------ Task data ------
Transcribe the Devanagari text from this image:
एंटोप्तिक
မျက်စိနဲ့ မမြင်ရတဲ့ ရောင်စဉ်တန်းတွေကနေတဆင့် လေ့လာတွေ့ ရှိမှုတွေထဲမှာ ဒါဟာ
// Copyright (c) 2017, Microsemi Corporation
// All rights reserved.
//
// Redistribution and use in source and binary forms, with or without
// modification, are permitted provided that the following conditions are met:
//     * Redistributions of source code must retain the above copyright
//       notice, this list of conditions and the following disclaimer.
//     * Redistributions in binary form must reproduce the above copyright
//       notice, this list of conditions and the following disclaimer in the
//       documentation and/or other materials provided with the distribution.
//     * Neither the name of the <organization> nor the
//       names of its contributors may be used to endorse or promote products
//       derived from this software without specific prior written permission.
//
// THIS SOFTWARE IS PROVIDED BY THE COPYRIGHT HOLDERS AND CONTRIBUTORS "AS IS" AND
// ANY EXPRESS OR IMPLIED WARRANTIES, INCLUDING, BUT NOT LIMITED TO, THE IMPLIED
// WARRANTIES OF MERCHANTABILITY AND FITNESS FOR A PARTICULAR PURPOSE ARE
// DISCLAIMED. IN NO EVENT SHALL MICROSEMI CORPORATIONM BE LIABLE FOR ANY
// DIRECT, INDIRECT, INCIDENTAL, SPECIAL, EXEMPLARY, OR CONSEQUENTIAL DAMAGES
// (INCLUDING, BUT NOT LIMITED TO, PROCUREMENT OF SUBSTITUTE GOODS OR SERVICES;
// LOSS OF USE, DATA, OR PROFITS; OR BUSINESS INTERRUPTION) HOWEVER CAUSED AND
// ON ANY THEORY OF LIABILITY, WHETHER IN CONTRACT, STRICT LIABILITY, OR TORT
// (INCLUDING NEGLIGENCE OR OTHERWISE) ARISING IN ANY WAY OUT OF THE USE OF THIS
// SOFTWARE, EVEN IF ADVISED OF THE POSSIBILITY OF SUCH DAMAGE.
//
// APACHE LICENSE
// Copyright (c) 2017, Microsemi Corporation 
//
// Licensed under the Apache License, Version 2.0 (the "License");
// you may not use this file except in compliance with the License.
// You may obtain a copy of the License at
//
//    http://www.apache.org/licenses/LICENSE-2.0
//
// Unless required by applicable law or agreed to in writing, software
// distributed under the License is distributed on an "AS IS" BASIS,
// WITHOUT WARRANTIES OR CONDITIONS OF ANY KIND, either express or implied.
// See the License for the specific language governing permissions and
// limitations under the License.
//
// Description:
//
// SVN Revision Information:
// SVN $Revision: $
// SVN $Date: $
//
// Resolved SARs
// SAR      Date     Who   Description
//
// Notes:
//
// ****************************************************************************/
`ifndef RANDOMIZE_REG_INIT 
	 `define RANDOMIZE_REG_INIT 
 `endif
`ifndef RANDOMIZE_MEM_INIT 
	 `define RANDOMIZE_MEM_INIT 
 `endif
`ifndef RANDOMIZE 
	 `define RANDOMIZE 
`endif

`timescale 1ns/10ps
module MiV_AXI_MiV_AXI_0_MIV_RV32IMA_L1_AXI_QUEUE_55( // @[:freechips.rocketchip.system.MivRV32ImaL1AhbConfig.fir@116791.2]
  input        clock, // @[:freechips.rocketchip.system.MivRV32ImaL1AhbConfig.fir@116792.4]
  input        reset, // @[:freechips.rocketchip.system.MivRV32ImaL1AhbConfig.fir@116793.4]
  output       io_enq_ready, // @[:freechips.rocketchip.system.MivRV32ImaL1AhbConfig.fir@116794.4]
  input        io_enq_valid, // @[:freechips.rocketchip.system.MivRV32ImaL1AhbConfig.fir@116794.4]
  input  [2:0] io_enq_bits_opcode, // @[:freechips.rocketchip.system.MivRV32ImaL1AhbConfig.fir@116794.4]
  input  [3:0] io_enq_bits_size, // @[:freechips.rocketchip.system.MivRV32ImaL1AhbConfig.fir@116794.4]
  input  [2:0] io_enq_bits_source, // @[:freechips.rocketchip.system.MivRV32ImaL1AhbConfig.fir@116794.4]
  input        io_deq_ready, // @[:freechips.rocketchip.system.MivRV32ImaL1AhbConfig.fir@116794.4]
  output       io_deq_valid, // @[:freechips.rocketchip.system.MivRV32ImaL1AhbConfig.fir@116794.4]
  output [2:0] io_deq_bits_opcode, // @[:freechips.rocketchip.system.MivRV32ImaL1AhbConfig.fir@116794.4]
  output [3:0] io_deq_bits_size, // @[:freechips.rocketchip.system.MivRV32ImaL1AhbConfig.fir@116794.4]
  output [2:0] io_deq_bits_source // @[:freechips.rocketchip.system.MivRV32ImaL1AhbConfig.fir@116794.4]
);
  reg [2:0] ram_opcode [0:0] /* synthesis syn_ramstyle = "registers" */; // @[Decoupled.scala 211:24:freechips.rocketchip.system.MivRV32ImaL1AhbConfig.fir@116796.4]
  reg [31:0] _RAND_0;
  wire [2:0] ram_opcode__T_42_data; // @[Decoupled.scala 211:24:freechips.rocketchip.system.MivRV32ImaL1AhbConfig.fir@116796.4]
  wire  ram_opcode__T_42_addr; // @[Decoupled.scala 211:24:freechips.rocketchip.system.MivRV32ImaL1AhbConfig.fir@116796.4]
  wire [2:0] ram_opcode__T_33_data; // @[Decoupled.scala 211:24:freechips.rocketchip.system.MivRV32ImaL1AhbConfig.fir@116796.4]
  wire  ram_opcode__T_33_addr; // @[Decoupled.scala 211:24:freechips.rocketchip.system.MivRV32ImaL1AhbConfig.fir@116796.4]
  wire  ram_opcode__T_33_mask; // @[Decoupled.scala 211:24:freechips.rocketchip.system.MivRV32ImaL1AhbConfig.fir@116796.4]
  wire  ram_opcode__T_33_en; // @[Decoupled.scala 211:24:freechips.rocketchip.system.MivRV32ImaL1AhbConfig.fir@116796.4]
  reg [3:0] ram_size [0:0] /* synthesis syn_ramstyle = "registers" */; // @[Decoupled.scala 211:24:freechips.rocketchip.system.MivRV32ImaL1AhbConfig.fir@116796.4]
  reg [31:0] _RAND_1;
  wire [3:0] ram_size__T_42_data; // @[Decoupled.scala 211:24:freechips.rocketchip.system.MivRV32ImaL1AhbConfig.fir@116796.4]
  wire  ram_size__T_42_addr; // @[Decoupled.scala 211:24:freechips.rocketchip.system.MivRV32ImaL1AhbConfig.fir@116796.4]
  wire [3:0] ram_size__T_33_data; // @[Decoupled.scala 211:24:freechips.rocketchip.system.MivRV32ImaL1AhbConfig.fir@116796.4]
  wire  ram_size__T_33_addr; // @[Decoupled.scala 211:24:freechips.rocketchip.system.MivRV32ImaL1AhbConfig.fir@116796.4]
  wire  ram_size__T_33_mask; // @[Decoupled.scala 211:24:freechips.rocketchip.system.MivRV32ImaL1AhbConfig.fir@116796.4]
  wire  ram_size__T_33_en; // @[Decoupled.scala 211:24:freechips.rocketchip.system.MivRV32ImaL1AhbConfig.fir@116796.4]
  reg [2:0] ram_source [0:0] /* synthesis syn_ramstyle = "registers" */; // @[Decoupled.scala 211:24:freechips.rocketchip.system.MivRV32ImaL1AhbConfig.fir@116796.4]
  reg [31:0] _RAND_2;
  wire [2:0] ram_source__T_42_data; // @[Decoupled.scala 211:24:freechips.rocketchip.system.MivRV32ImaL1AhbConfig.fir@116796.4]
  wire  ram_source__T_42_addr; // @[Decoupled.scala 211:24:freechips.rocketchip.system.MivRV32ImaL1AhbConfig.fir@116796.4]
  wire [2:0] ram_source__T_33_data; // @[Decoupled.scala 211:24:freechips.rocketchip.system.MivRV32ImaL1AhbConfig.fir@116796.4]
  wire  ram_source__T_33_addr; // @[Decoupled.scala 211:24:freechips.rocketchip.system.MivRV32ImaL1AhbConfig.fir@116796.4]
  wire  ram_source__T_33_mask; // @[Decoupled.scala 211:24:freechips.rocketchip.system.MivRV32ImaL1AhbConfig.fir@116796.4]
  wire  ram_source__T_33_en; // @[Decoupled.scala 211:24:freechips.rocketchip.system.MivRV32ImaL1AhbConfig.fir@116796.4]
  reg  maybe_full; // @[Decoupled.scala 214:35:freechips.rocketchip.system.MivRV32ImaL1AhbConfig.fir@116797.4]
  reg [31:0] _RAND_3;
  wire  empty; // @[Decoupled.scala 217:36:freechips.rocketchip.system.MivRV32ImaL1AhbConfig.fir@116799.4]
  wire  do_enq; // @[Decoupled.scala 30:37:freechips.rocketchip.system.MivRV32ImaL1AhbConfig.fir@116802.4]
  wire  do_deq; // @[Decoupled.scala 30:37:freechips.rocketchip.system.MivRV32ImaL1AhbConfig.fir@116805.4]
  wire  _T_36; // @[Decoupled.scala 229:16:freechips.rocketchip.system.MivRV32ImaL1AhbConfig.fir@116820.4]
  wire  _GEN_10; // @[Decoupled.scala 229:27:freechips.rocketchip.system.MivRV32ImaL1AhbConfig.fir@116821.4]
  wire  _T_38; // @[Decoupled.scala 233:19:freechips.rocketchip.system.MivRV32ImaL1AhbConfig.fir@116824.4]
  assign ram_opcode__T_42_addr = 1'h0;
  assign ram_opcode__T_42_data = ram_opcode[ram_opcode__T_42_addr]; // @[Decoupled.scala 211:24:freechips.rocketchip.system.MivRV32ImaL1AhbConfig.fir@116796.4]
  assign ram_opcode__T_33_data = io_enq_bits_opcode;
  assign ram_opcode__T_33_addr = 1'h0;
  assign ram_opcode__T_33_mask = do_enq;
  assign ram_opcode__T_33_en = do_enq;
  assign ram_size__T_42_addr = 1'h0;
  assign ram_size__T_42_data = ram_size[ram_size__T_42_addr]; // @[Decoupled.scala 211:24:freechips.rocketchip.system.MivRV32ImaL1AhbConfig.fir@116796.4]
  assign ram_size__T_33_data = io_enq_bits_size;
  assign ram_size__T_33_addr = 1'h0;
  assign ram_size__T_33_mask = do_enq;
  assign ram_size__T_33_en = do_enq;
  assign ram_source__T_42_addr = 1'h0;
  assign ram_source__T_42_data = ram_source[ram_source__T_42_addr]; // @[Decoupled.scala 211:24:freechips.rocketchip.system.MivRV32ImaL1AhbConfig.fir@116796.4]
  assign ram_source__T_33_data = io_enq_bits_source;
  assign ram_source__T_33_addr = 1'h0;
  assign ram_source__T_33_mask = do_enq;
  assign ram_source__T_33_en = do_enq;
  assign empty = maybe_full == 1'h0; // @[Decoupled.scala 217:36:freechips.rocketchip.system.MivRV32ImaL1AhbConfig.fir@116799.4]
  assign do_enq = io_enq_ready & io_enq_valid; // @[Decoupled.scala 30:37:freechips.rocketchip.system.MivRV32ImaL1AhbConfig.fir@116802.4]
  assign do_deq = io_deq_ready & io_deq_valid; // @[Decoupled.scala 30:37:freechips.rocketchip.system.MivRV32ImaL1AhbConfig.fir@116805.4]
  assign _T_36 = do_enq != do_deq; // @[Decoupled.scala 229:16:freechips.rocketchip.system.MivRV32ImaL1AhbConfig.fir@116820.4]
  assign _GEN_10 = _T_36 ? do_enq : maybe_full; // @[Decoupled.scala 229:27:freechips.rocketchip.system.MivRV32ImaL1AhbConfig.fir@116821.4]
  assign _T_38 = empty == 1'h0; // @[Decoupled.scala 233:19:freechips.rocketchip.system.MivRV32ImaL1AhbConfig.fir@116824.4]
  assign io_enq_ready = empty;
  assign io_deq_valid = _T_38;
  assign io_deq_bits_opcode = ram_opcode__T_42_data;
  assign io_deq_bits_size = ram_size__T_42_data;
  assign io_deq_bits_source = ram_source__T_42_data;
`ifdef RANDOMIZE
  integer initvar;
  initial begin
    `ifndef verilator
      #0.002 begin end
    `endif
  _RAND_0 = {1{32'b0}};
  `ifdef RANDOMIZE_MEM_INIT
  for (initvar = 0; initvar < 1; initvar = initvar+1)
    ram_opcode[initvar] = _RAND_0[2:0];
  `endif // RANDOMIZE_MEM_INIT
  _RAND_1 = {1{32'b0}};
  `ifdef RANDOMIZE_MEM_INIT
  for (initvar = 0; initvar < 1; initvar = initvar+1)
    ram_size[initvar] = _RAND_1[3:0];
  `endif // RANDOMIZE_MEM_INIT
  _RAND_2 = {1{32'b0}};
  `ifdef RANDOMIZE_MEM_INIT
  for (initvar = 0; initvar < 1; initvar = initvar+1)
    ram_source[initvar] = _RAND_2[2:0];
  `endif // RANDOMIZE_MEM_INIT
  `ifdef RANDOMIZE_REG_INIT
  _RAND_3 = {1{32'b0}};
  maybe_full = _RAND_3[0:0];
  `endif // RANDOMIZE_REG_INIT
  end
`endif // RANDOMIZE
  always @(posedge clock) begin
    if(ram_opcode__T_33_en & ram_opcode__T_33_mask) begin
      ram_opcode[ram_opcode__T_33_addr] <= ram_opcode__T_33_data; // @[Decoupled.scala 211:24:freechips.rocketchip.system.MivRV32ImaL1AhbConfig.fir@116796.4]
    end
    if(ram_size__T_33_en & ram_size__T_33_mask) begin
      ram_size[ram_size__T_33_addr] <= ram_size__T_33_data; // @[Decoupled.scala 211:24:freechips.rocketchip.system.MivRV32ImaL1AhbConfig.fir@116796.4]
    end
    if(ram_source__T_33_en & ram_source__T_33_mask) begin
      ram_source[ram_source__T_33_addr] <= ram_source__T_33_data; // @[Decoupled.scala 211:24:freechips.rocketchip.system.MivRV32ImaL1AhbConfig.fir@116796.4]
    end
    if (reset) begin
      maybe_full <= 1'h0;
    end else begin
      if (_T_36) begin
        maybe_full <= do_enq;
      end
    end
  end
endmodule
------
In the records above, the line with "[2:0] io_enq_bits_opcode, //" marks the start and the line with "output [2:0] io_deq_bits_opcode, //" marks the end; copy that stretch exactly, both lines included, and nothing else.

  input  [2:0] io_enq_bits_opcode, // @[:freechips.rocketchip.system.MivRV32ImaL1AhbConfig.fir@116794.4]
  input  [3:0] io_enq_bits_size, // @[:freechips.rocketchip.system.MivRV32ImaL1AhbConfig.fir@116794.4]
  input  [2:0] io_enq_bits_source, // @[:freechips.rocketchip.system.MivRV32ImaL1AhbConfig.fir@116794.4]
  input        io_deq_ready, // @[:freechips.rocketchip.system.MivRV32ImaL1AhbConfig.fir@116794.4]
  output       io_deq_valid, // @[:freechips.rocketchip.system.MivRV32ImaL1AhbConfig.fir@116794.4]
  output [2:0] io_deq_bits_opcode, // @[:freechips.rocketchip.system.MivRV32ImaL1AhbConfig.fir@116794.4]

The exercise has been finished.